3. Run federated pipeline (simulation)

flwr run . local-simulation --stream

Override rounds or config path:

flwr run . local-simulation --stream --run-config \
  'simulation=true num-server-rounds=100 config_path="experiments/correctness/tiny_even/configs"'

Results are written under each client's logs/ and intermediate/ directories (paths set in per-center config.yaml). The shipped tiny configs currently write under experiments/correctness/tiny_even/results_2/; use the paths in the active center and server config files as the source of truth.

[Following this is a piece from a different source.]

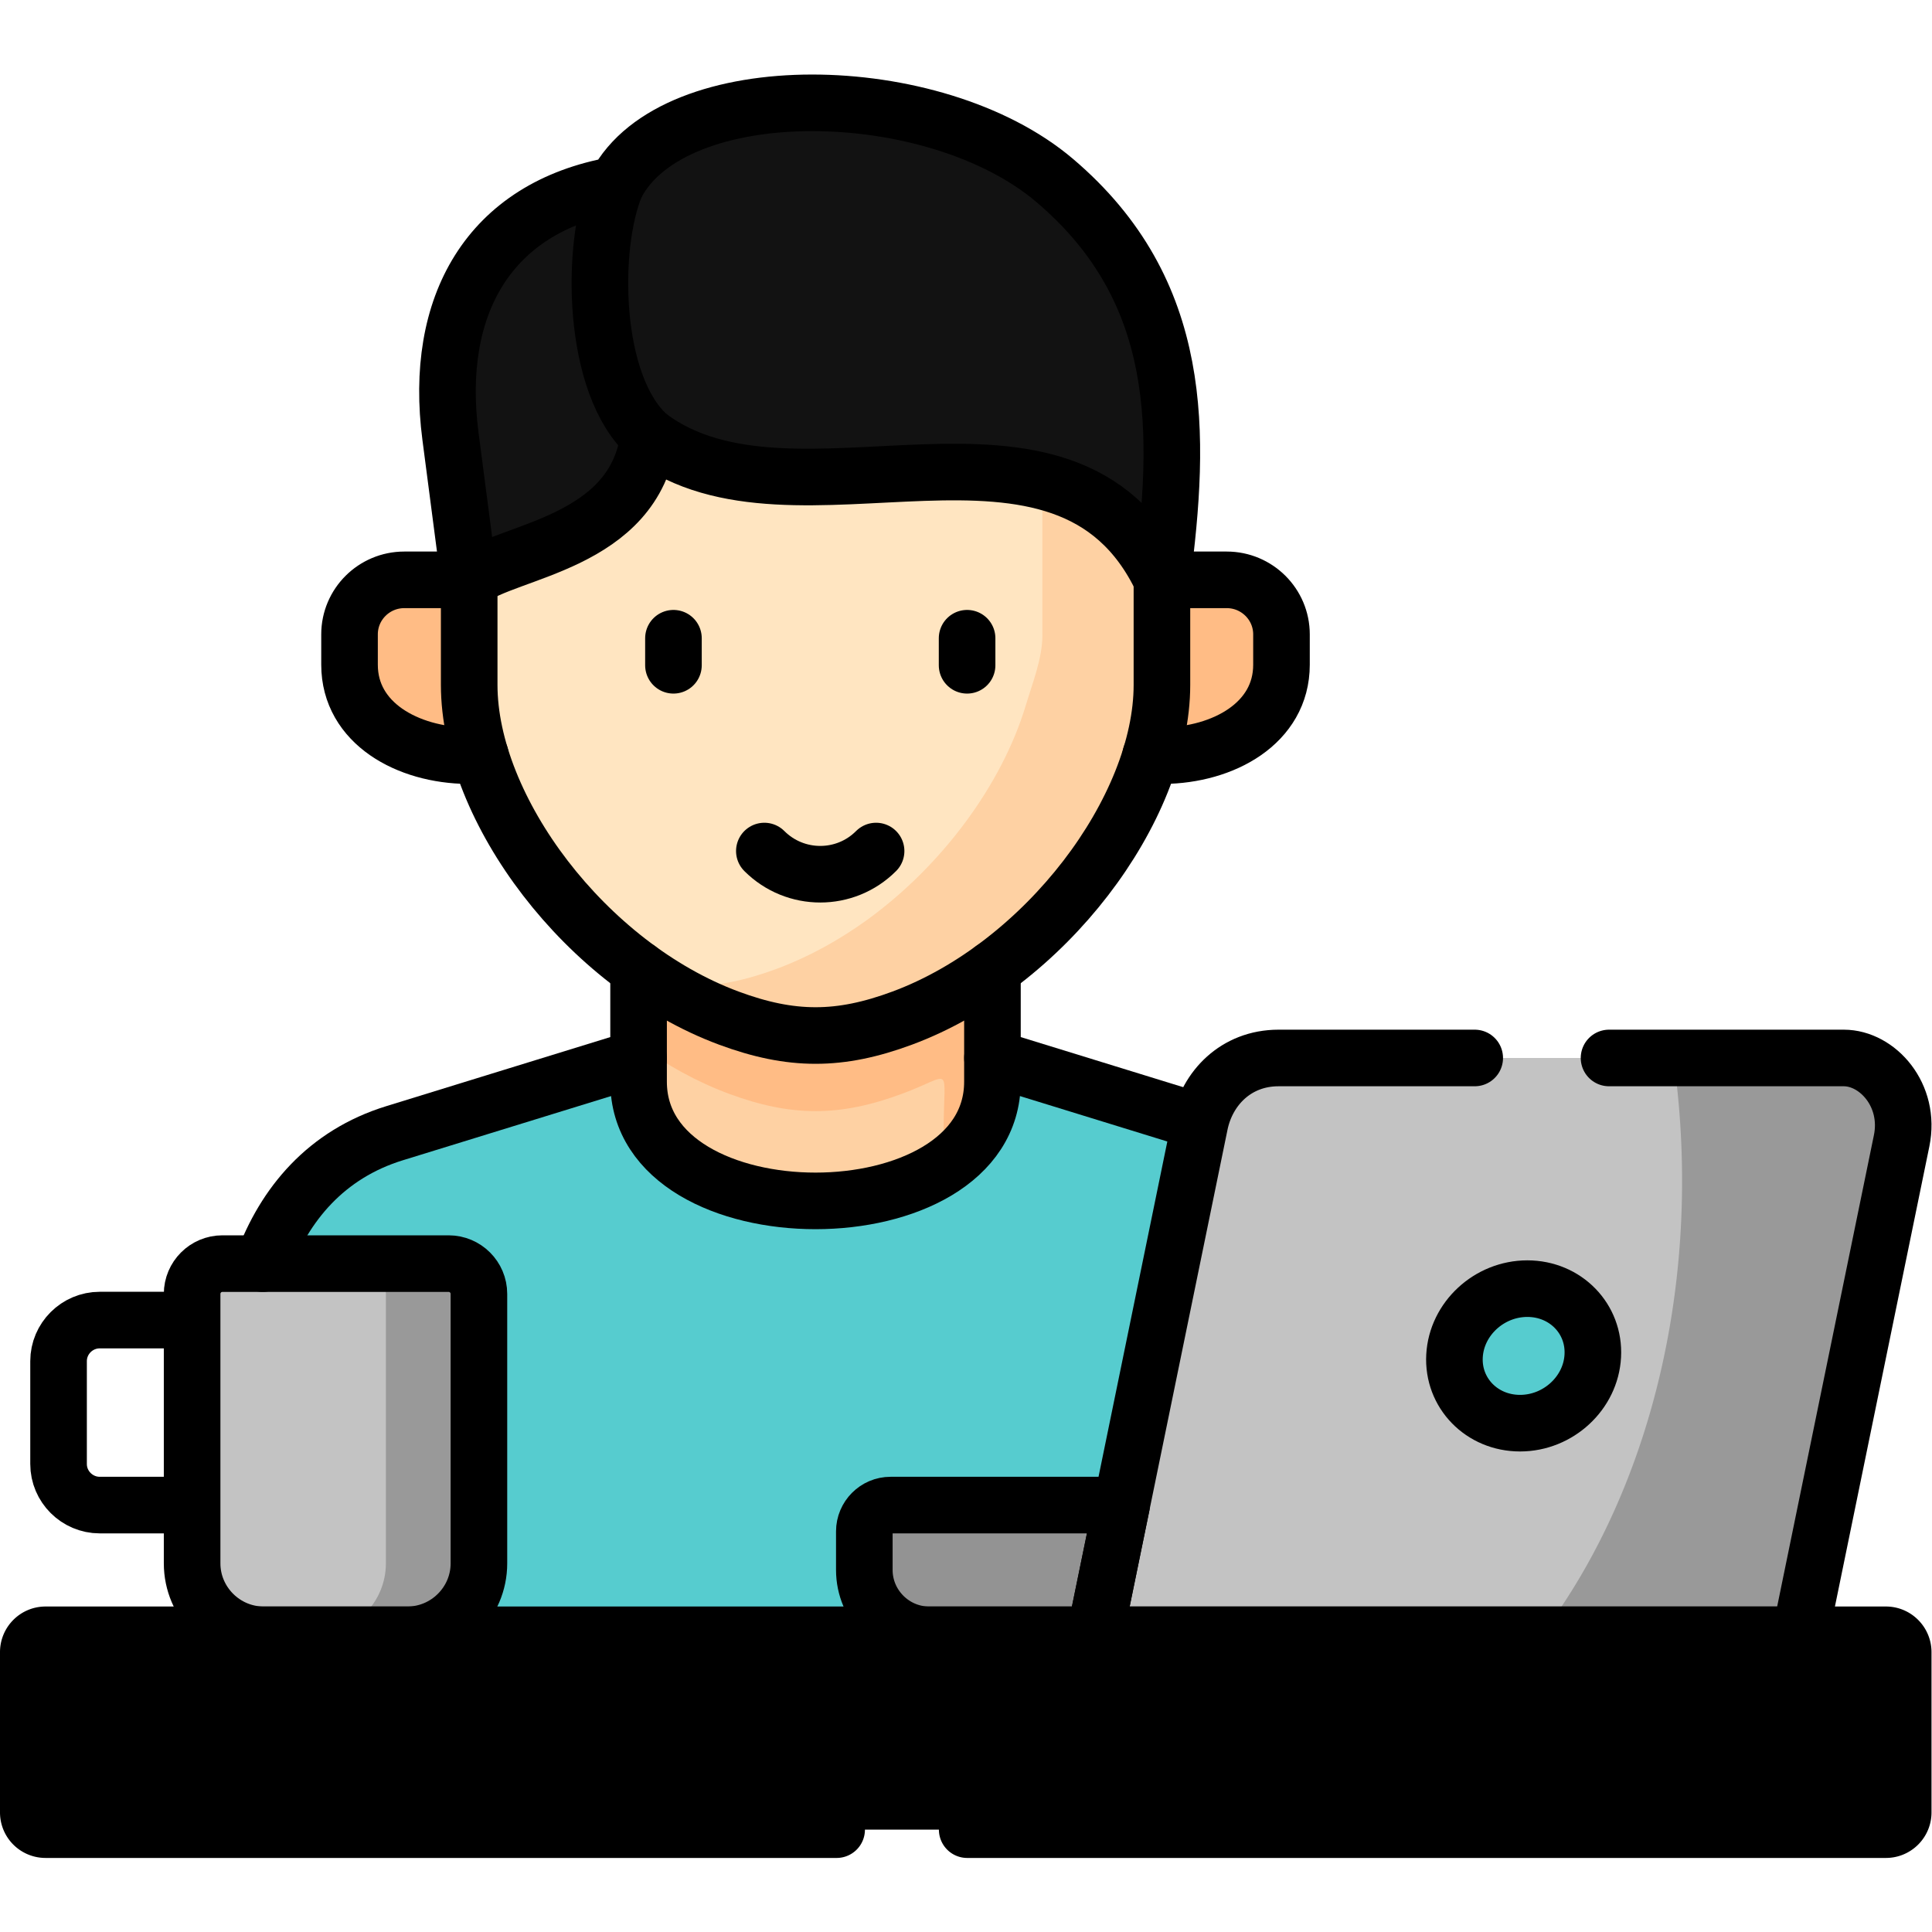 <?xml version="1.0" encoding="UTF-8"?> <svg xmlns="http://www.w3.org/2000/svg" xmlns:xlink="http://www.w3.org/1999/xlink" xmlns:svgjs="http://svgjs.com/svgjs" width="512" height="512" x="0" y="0" viewBox="0 0 682.667 682.667" style="enable-background:new 0 0 512 512" xml:space="preserve" class=""> <g> <defs> <clipPath id="a" clipPathUnits="userSpaceOnUse"> <path d="M0 512h512V0H0Z" fill="#000000" data-original="#000000" class=""></path> </clipPath> </defs> <g clip-path="url(#a)" transform="matrix(1.333 0 0 -1.333 0 682.667)"> <path d="M0 0h-24.491c-6.01 0-10.913-4.904-10.913-10.885v-27.271c0-5.981 4.903-10.885 10.913-10.885H0" style="stroke-width:15;stroke-linecap:round;stroke-linejoin:round;stroke-miterlimit:10;stroke-dasharray:none;stroke-opacity:1" transform="translate(50.927 162.206)" fill="none" stroke="#000000" stroke-width="15" stroke-linecap="round" stroke-linejoin="round" stroke-miterlimit="10" stroke-dasharray="none" stroke-opacity="" data-original="#000000" class=""></path> <path d="M0 0h-17.207C-25.2 0-31.72-6.463-31.72-14.457v-8.051c0-15.534 15.449-23.953 31.351-24.095h3.345C12.813-31.862 10.658-15.251 0 0" style="fill-opacity:1;fill-rule:evenodd;stroke:none" transform="translate(124.373 358.426)" fill="#ffbc85" data-original="#ffbc85" class=""></path> <path d="M0 0c-3.742-28.574-37.333-30.218-47.594-38.127v-47.51c0-6.038 1.021-12.388 2.976-18.766 6.264-20.722 21.94-42.068 41.925-56.581 7.455-5.415 15.506-9.865 23.896-12.983 8.334-3.09 15.676-4.621 23.018-4.621 7.341 0 14.654 1.531 22.988 4.621 8.391 3.118 16.441 7.568 23.896 12.983 19.985 14.513 35.661 35.859 41.925 56.581 1.955 6.378 3.004 12.728 3.004 18.766v47.51C110.296 15.988 38.636-29.113 0 0" style="fill-opacity:1;fill-rule:evenodd;stroke:none" transform="translate(171.967 416.226)" fill="#ffe5c1" data-original="#ffe5c1" class=""></path> <path d="m0 0-64.63-19.928C-82.8-25.513-93.855-38.75-99.638-54.512l38.353-98.393c160.724-41.416 264.104-49.608 210.048 135.386-.057.17.085.369.113.539L93.799 0Z" style="fill-opacity:1;fill-rule:evenodd;stroke:none" transform="translate(169.273 231.685)" fill="#56cccf" data-original="#3bc3a4" class=""></path> <path d="M0 0c-8.391 3.118-16.441 7.568-23.896 12.983V-16.867c0-42.124 93.798-42.124 93.798 0V12.983C62.447 7.568 54.396 3.118 46.006 0c-8.334-3.09-15.648-4.621-22.988-4.621C15.676-4.621 8.334-3.09 0 0" style="fill-opacity:1;fill-rule:evenodd;stroke:none" transform="translate(193.17 242.259)" fill="#fed1a3" data-original="#fed1a3" class=""></path> <path d="M0 0h3.345c15.902.142 31.35 8.561 31.35 24.095v8.051c0 7.994-6.519 14.457-14.512 14.457H3.004C-13.352 34.527-19.106 19.191 0 0" style="fill-opacity:1;fill-rule:evenodd;stroke:none" transform="translate(304.997 311.823)" fill="#ffbc85" data-original="#ffbc85" class=""></path> <path d="M0 0v71.435c0 4.422-3.6 8.023-8.022 8.023H-68.003c-4.422 0-8.022-3.601-8.022-8.023V0c0-10.403 8.532-18.936 18.963-18.936h38.098C-8.532-18.936 0-10.403 0 0" style="fill-opacity:1;fill-rule:evenodd;stroke:none" transform="translate(126.952 97.716)" fill="#c3c3c3" data-original="#dddaec" class=""></path> <path d="M0 0c0-9.808-5.103-17.349-12.926-22.593 6.35-20.212 9.864-42.492 9.864-65.907 0-8.051-.424-15.988-1.218-23.727h38.522L54.964-11.226c.028.17.085.369.113.539L0 6.293Z" style="fill-opacity:1;fill-rule:evenodd;stroke:none" transform="translate(263.072 225.392)" fill="#56cccf" data-original="#00a887" class=""></path> <path d="M0 0v-71.435c0-10.403-8.532-18.936-18.964-18.936H5.697c10.432 0 18.964 8.533 18.964 18.936V0c0 4.422-3.599 8.022-8.022 8.022H-8.022C-3.601 8.022 0 4.422 0 0" style="fill-opacity:1;fill-rule:evenodd;stroke:none" transform="translate(102.291 169.15)" fill="#999999" data-original="#beb9dd" class=""></path> <path d="M0 0c-7.398 15.563-18.566 22.905-31.691 26.193v-40.934c0-6.066-2.551-12.387-4.479-18.794-6.293-20.694-21.969-42.067-41.953-56.581-7.455-5.386-15.505-9.837-23.896-12.955-8.305-3.09-15.647-4.62-22.989-4.62-2.636 0-5.244.198-7.936.595 5.782-3.657 11.848-6.747 18.113-9.071 8.334-3.09 15.676-4.621 23.018-4.621 7.34 0 14.654 1.531 22.988 4.621 8.39 3.118 16.441 7.568 23.896 12.983C-24.944-88.67-9.269-67.325-3.004-46.603-1.049-40.225 0-33.875 0-27.837Z" style="fill-opacity:1;fill-rule:evenodd;stroke:none" transform="translate(308.001 358.426)" fill="#fed1a3" data-original="#fed1a3" class=""></path> <path d="M0 0c10.261 7.909 43.852 9.553 47.594 38.099 5.754 13.946 5.272 51.11-8.675 66.588C5.073 98.733-9.468 72.569-4.961 38.042Z" style="fill-opacity:1;fill-rule:evenodd;stroke:none" transform="translate(124.373 358.426)" fill="#121212" data-original="#2b4d66" class=""></path> <path d="M0 0c38.636-29.113 110.296 16.016 136.034-38.099 5.046 38.78 6.18 76.453-28.402 105.849C75.685 94.907 6.633 95.899-8.675 66.588-15.506 50.572-15.194 13.408 0 0" style="fill-opacity:1;fill-rule:evenodd;stroke:none" transform="translate(171.967 396.524)" fill="#121212" data-original="#375e7d" class=""></path> <path d="M0 0c30.643-26.051 33.223-58.651 29.877-92.724 13.125-3.288 24.293-10.63 31.691-26.193 5.046 38.779 6.18 76.453-28.402 105.849C22.763-4.224 8.419 1.842-6.718 4.989-4.337 3.43-2.098 1.786 0 0" style="fill-opacity:1;fill-rule:evenodd;stroke:none" transform="translate(246.433 477.343)" fill="#121212" data-original="#2b4d66" class=""></path> <path d="M0 0c7.455-5.415 15.506-9.865 23.896-12.983 8.334-3.09 15.676-4.621 23.018-4.621 7.341 0 14.654 1.531 22.988 4.621C83.65-7.88 80.873-4.876 80.873-22.621v-9.78c7.823 5.244 12.926 12.785 12.926 22.593V20.042c-7.455-5.415-15.506-9.865-23.897-12.983-8.334-3.09-15.647-4.621-22.988-4.621-7.342 0-14.684 1.531-23.018 4.621-6.264 2.324-12.331 5.414-18.113 9.07-1.956 1.22-3.884 2.552-5.783 3.913Z" style="fill-opacity:1;fill-rule:evenodd;stroke:none" transform="translate(169.273 235.2)" fill="#ffbc85" data-original="#ffbc85" class=""></path> <path d="M0 0h-487.872c-2.523 0-4.564-2.069-4.564-4.592v-42.493a4.56 4.56 0 0 1 4.564-4.563H0c2.494 0 4.563 2.041 4.563 4.563v42.493C4.563-2.069 2.494 0 0 0" style="fill-opacity:1;fill-rule:evenodd;stroke:none" transform="translate(499.935 78.78)" fill="#000000" data-original="#935d38" class=""></path> <path d="M0 0c-25.738 54.115-97.398 8.986-136.034 38.099C-139.776 9.553-173.367 7.909-183.628 0l-4.961 38.042c-4.507 34.527 10.034 60.691 43.88 66.645 15.308 29.311 84.359 28.318 116.307 1.162C6.18 76.453 5.046 38.779 0 0Z" style="stroke-width:15;stroke-linecap:round;stroke-linejoin:round;stroke-miterlimit:10;stroke-dasharray:none;stroke-opacity:1" transform="translate(308.001 358.426)" fill="none" stroke="#000000" stroke-width="15" stroke-linecap="round" stroke-linejoin="round" stroke-miterlimit="10" stroke-dasharray="none" stroke-opacity="" data-original="#000000" class=""></path> <path d="M0 0h-17.207C-25.2 0-31.72-6.463-31.72-14.457v-8.051c0-15.534 15.449-23.953 31.351-24.095h3.345" style="stroke-width:15;stroke-linecap:round;stroke-linejoin:round;stroke-miterlimit:10;stroke-dasharray:none;stroke-opacity:1" transform="translate(124.373 358.426)" fill="none" stroke="#000000" stroke-width="15" stroke-linecap="round" stroke-linejoin="round" stroke-miterlimit="10" stroke-dasharray="none" stroke-opacity="" data-original="#000000" class=""></path> <path d="M0 0h17.179c7.993 0 14.512-6.463 14.512-14.457v-8.051c0-15.534-15.448-23.953-31.35-24.095h-3.345" style="stroke-width:15;stroke-linecap:round;stroke-linejoin:round;stroke-miterlimit:10;stroke-dasharray:none;stroke-opacity:1" transform="translate(308.001 358.426)" fill="none" stroke="#000000" stroke-width="15" stroke-linecap="round" stroke-linejoin="round" stroke-miterlimit="10" stroke-dasharray="none" stroke-opacity="" data-original="#000000" class=""></path> <path d="M0 0c-15.194 13.408-15.506 50.572-8.675 66.588" style="stroke-width:15;stroke-linecap:round;stroke-linejoin:round;stroke-miterlimit:10;stroke-dasharray:none;stroke-opacity:1" transform="translate(171.967 396.524)" fill="none" stroke="#000000" stroke-width="15" stroke-linecap="round" stroke-linejoin="round" stroke-miterlimit="10" stroke-dasharray="none" stroke-opacity="" data-original="#000000" class=""></path> <path d="M0 0v-27.837c0-32.939 30.954-74.27 68.797-88.33 8.334-3.09 15.676-4.621 23.017-4.621 7.341 0 14.655 1.531 22.989 4.621 37.843 14.06 68.825 55.391 68.825 88.33V0" style="stroke-width:15;stroke-linecap:round;stroke-linejoin:round;stroke-miterlimit:10;stroke-dasharray:none;stroke-opacity:1" transform="translate(124.373 358.426)" fill="none" stroke="#000000" stroke-width="15" stroke-linecap="round" stroke-linejoin="round" stroke-miterlimit="10" stroke-dasharray="none" stroke-opacity="" data-original="#000000" class=""></path> <path d="M0 0c5.782 15.761 16.838 28.999 35.008 34.583l64.63 19.929v23.556" style="stroke-width:15;stroke-linecap:round;stroke-linejoin:round;stroke-miterlimit:10;stroke-dasharray:none;stroke-opacity:1" transform="translate(69.636 177.173)" fill="none" stroke="#000000" stroke-width="15" stroke-linecap="round" stroke-linejoin="round" stroke-miterlimit="10" stroke-dasharray="none" stroke-opacity="" data-original="#000000" class=""></path> <path d="m0 0-55.077 16.98v23.557" style="stroke-width:15;stroke-linecap:round;stroke-linejoin:round;stroke-miterlimit:10;stroke-dasharray:none;stroke-opacity:1" transform="translate(318.15 214.705)" fill="none" stroke="#000000" stroke-width="15" stroke-linecap="round" stroke-linejoin="round" stroke-miterlimit="10" stroke-dasharray="none" stroke-opacity="" data-original="#000000" class=""></path> <path d="M0 0v-7.172" style="stroke-width:15;stroke-linecap:round;stroke-linejoin:round;stroke-miterlimit:10;stroke-dasharray:none;stroke-opacity:1" transform="translate(256.354 342.948)" fill="none" stroke="#000000" stroke-width="15" stroke-linecap="round" stroke-linejoin="round" stroke-miterlimit="10" stroke-dasharray="none" stroke-opacity="" data-original="#000000" class=""></path> <path d="M0 0v-7.172" style="stroke-width:15;stroke-linecap:round;stroke-linejoin:round;stroke-miterlimit:10;stroke-dasharray:none;stroke-opacity:1" transform="translate(178.515 342.948)" fill="none" stroke="#000000" stroke-width="15" stroke-linecap="round" stroke-linejoin="round" stroke-miterlimit="10" stroke-dasharray="none" stroke-opacity="" data-original="#000000" class=""></path> <path d="M0 0c8.191-8.192 21.458-8.192 29.622 0" style="stroke-width:15;stroke-linecap:round;stroke-linejoin:round;stroke-miterlimit:10;stroke-dasharray:none;stroke-opacity:1" transform="translate(202.61 286.537)" fill="none" stroke="#000000" stroke-width="15" stroke-linecap="round" stroke-linejoin="round" stroke-miterlimit="10" stroke-dasharray="none" stroke-opacity="" data-original="#000000" class=""></path> <path d="M0 0h-38.098c-10.431 0-18.964 8.533-18.964 18.936v71.435c0 4.422 3.601 8.023 8.023 8.023h59.98c4.423 0 8.023-3.601 8.023-8.023V18.936C18.964 8.533 10.432 0 0 0Z" style="stroke-width:15;stroke-linecap:round;stroke-linejoin:round;stroke-miterlimit:10;stroke-dasharray:none;stroke-opacity:1" transform="translate(107.988 78.78)" fill="none" stroke="#000000" stroke-width="15" stroke-linecap="round" stroke-linejoin="round" stroke-miterlimit="10" stroke-dasharray="none" stroke-opacity="" data-original="#000000" class=""></path> <path d="M0 0v-6.293c0-42.124 93.799-42.124 93.799 0V0" style="stroke-width:15;stroke-linecap:round;stroke-linejoin:round;stroke-miterlimit:10;stroke-dasharray:none;stroke-opacity:1" transform="translate(169.273 231.685)" fill="none" stroke="#000000" stroke-width="15" stroke-linecap="round" stroke-linejoin="round" stroke-miterlimit="10" stroke-dasharray="none" stroke-opacity="" data-original="#000000" class=""></path> <path d="M0 0v-10.233c0-9.44 7.738-17.179 17.178-17.179h43.966l13.463 17.179-6.406 17.206H6.944C3.118 6.973 0 3.827 0 0" style="fill-opacity:1;fill-rule:evenodd;stroke:none" transform="translate(229.113 106.192)" fill="#939393" data-original="#a7a2d3" class=""></path> <path d="m0 0-20.722-101.001-7.057-34.386h186.945L186.038-4.451c.255 1.333.397 2.608.425 3.884v.454c-.113 10.063-7.937 17.632-15.761 17.632H20.892C9.723 17.519 2.239 9.723.113.539Z" style="fill-opacity:1;fill-rule:evenodd;stroke:none" transform="translate(318.036 214.167)" fill="#c3c3c3" data-original="#dddaec" class=""></path> <path d="M0 0a231.51 231.51 0 0 0 2.296-32.627c0-47.227-14.287-89.862-37.275-120.278h68.598L60.491-21.969c.255 1.332.397 2.608.425 3.884v.453C60.803-7.569 52.979 0 45.155 0Z" style="fill-opacity:1;fill-rule:evenodd;stroke:none" transform="translate(443.583 231.685)" fill="#999999" data-original="#beb9dd" class=""></path> <path d="M0 0h62.22c8.929 0 17.83-9.836 15.336-21.969L50.684-152.905h-186.946l27.78 135.386C-106.555-8.107-98.986 0-87.591 0h51.987" style="stroke-width:15;stroke-linecap:round;stroke-linejoin:round;stroke-miterlimit:10;stroke-dasharray:none;stroke-opacity:1" transform="translate(426.519 231.685)" fill="none" stroke="#000000" stroke-width="15" stroke-linecap="round" stroke-linejoin="round" stroke-miterlimit="10" stroke-dasharray="none" stroke-opacity="" data-original="#000000" class=""></path> <path d="M0 0c-10.12 0-18.766-7.994-19.304-17.831-.539-9.836 7.229-17.83 17.376-17.83 10.12 0 18.766 7.994 19.276 17.83C17.887-7.994 10.12 0 0 0" style="fill-opacity:1;fill-rule:evenodd;stroke:none" transform="translate(404.861 170.54)" fill="#56cccf" data-original="#3bc3a4" class=""></path> <path d="M0 0h-43.966c-9.439 0-17.178 7.739-17.178 17.179v10.233c0 3.827 3.119 6.973 6.945 6.973H7.058Z" style="stroke-width:15;stroke-linecap:round;stroke-linejoin:round;stroke-miterlimit:10;stroke-dasharray:none;stroke-opacity:1" transform="translate(290.257 78.78)" fill="none" stroke="#000000" stroke-width="15" stroke-linecap="round" stroke-linejoin="round" stroke-miterlimit="10" stroke-dasharray="none" stroke-opacity="" data-original="#000000" class=""></path> <path d="M0 0v-42.493a4.56 4.56 0 0 0-4.563-4.563h50.881c2.495 0 4.564 2.041 4.564 4.563V0c0 2.523-2.069 4.592-4.564 4.592H-4.507C-2.013 4.564 0 2.495 0 0" style="fill-opacity:1;fill-rule:evenodd;stroke:none" transform="translate(453.617 74.188)" fill="#000000" data-original="#7f4d2a" class=""></path> <path d="M0 0h243.553c2.494 0 4.563 2.041 4.563 4.563v42.493c0 2.523-2.069 4.592-4.563 4.592h-487.872c-2.523 0-4.564-2.069-4.564-4.592V4.563A4.56 4.56 0 0 1-244.319 0h209.708" style="stroke-width:15;stroke-linecap:round;stroke-linejoin:round;stroke-miterlimit:10;stroke-dasharray:none;stroke-opacity:1" transform="translate(256.383 27.131)" fill="none" stroke="#000000" stroke-width="15" stroke-linecap="round" stroke-linejoin="round" stroke-miterlimit="10" stroke-dasharray="none" stroke-opacity="" data-original="#000000" class=""></path> <path d="M0 0c-10.12 0-18.766-7.994-19.304-17.831-.539-9.836 7.229-17.83 17.376-17.83 10.12 0 18.766 7.994 19.276 17.83C17.887-7.994 10.12 0 0 0Z" style="stroke-width:15;stroke-linecap:round;stroke-linejoin:round;stroke-miterlimit:10;stroke-dasharray:none;stroke-opacity:1" transform="translate(404.861 170.54)" fill="none" stroke="#000000" stroke-width="15" stroke-linecap="round" stroke-linejoin="round" stroke-miterlimit="10" stroke-dasharray="none" stroke-opacity="" data-original="#000000" class=""></path> </g> </g> </svg>

4. Retention (optional, automatic)

Experiment config.yaml may set retention.tier (minimal | standard | research). When auto_apply_on_complete: true, the server prunes non-essential artifacts after the run. Manual:

python experiments/tools/apply_run_retention.py \
  experiments/correctness/tiny_even/results \
  --config-path experiments/correctness/tiny_even/configs \
  --dry-run

See RELEASE.md for tier definitions.

5. Evaluate against baseline

python experiments/tools/evaluation/evaluate_all.py \
  experiments/correctness/tiny_even/results_2 \
  --baseline experiments/correctness/tiny_even/data/tiny/centralized_baseline \
  --king

See experiments/correctness/tiny_even/README.md for expected metrics and success criteria. If you changed the output paths in the active configs, pass that results directory instead.


Documentation Site

The Docusaurus site is isolated under website/ and reads Markdown from the repository-level docs/ directory.

cd website
npm install
npm run start
npm run build

Three-Node Cluster Deployment

For Matpool or any 3-node layout (1 SuperLink + 2 SuperNodes), use the bundled scripts and guide:

bash cluster_deployment/scripts/setup-cluster-node.sh   # each node
bash cluster_deployment/scripts/cluster-verify-data.sh --scale tiny --client-id 1  # each client
cluster_deployment/scripts/cluster-run-app.sh \
  --server-ip <SERVER_IP> --scale tiny --rounds 20

Performance scales (small/medium): experiments/performance/scales.yaml and per-scale READMEs under small_even/, medium_even/.


Local Deployment Mode

Requires SuperLink + two SuperNodes + flwr run:

flower-superlink --insecure
flower-supernode --insecure --superlink 127.0.0.1:9092 --clientappio-api-address 127.0.0.1:9094 \
  --node-config 'partition-id=0 num-partitions=2 config-file="experiments/correctness/tiny_even/configs/center_1/config.yaml"'
flower-supernode --insecure --superlink 127.0.0.1:9092 --clientappio-api-address 127.0.0.1:9095 \
  --node-config 'partition-id=1 num-partitions=2 config-file="experiments/correctness/tiny_even/configs/center_2/config.yaml"'
flwr run . local-deployment --stream

Advanced: Real-World Experiments

Larger studies (e.g. 1000 Genomes subset) live under experiments/real_world/1000genomes/. These require downloading/preparing data, longer runtime, and overriding config_path:

flwr run . local-simulation --stream --run-config \
  'config_path="experiments/real_world/1000genomes/configs"'

Manuscript figures and prior run outputs under experiments/real_world/1000genomes/manuscript/ are research artifacts and are not required for the default release path.


Output and Logs

  • Per-client intermediate_dir and log_dir are defined in each center config.yaml.
  • Directories are cleared at the start of each client run to avoid stale artifacts.
  • Stage progress and errors go to per-client log files under each configured output.log_dir.
  • Inspect PLINK outputs (.assoc.logistic, .imiss, .frq, KING kinship files) directly under each client's logs/.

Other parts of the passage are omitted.